| Problem |
Set down the line that contains "<!-- Uploaded to: ICON" and every line after it to the end of the entries, exactly as they stand and nothing more.

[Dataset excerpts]
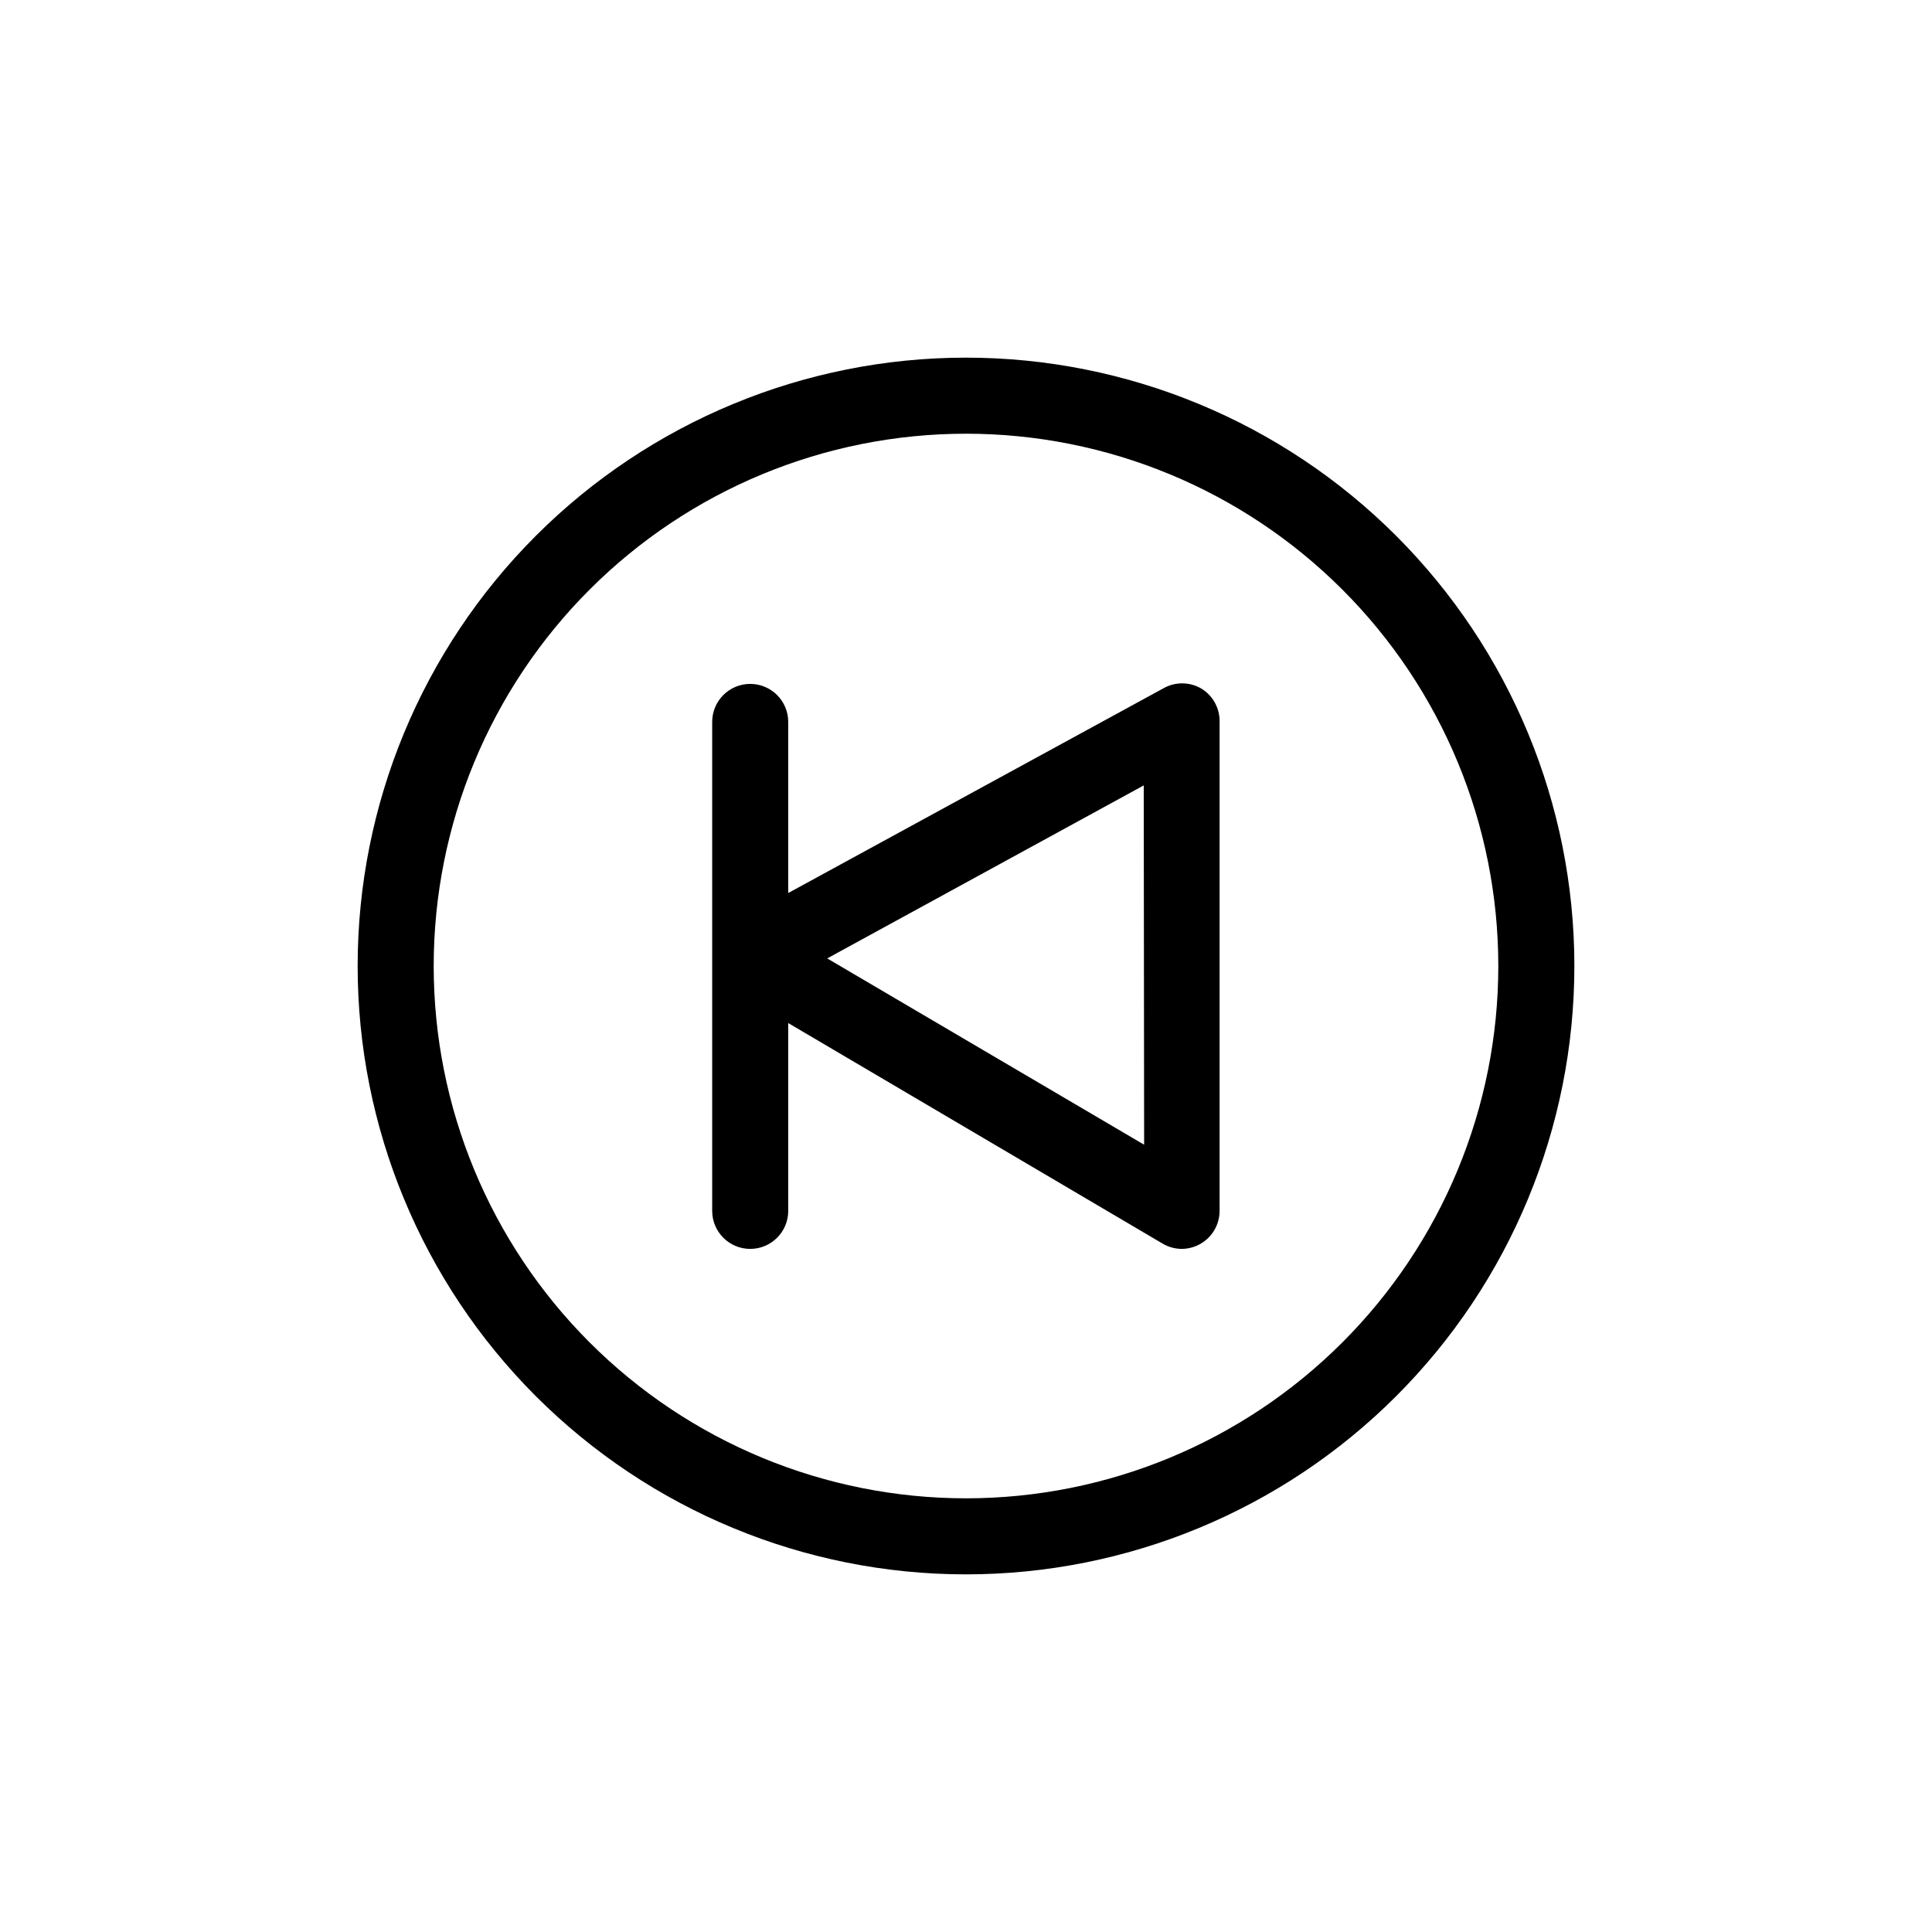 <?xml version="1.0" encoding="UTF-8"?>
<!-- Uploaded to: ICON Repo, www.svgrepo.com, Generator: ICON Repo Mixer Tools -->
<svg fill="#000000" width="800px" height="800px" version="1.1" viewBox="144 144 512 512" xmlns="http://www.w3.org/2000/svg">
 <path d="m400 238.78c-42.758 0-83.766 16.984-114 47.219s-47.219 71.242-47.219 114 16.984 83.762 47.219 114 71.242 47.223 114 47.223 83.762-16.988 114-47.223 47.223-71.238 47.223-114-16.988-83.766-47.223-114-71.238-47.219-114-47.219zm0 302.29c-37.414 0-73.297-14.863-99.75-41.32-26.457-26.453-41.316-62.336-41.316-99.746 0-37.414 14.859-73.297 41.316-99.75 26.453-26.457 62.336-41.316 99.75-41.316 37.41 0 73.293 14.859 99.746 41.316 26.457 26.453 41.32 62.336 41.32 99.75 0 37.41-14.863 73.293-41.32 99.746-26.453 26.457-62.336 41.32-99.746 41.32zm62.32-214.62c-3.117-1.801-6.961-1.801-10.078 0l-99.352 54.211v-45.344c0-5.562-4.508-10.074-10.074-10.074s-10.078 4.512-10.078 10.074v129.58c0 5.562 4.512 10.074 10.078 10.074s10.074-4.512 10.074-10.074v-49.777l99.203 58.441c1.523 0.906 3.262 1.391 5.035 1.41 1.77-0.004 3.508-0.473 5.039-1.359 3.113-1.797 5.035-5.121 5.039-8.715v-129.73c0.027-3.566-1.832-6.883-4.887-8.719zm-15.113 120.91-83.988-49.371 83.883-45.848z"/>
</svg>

| Your solution |
<!-- Uploaded to: ICON Repo, www.svgrepo.com, Generator: ICON Repo Mixer Tools -->
<svg fill="#000000" width="800px" height="800px" version="1.1" viewBox="144 144 512 512" xmlns="http://www.w3.org/2000/svg">
 <path d="m400 238.78c-42.758 0-83.766 16.984-114 47.219s-47.219 71.242-47.219 114 16.984 83.762 47.219 114 71.242 47.223 114 47.223 83.762-16.988 114-47.223 47.223-71.238 47.223-114-16.988-83.766-47.223-114-71.238-47.219-114-47.219zm0 302.29c-37.414 0-73.297-14.863-99.75-41.32-26.457-26.453-41.316-62.336-41.316-99.746 0-37.414 14.859-73.297 41.316-99.75 26.453-26.457 62.336-41.316 99.75-41.316 37.41 0 73.293 14.859 99.746 41.316 26.457 26.453 41.32 62.336 41.32 99.75 0 37.41-14.863 73.293-41.32 99.746-26.453 26.457-62.336 41.32-99.746 41.32zm62.32-214.62c-3.117-1.801-6.961-1.801-10.078 0l-99.352 54.211v-45.344c0-5.562-4.508-10.074-10.074-10.074s-10.078 4.512-10.078 10.074v129.58c0 5.562 4.512 10.074 10.078 10.074s10.074-4.512 10.074-10.074v-49.777l99.203 58.441c1.523 0.906 3.262 1.391 5.035 1.41 1.77-0.004 3.508-0.473 5.039-1.359 3.113-1.797 5.035-5.121 5.039-8.715v-129.73c0.027-3.566-1.832-6.883-4.887-8.719zm-15.113 120.91-83.988-49.371 83.883-45.848z"/>
</svg>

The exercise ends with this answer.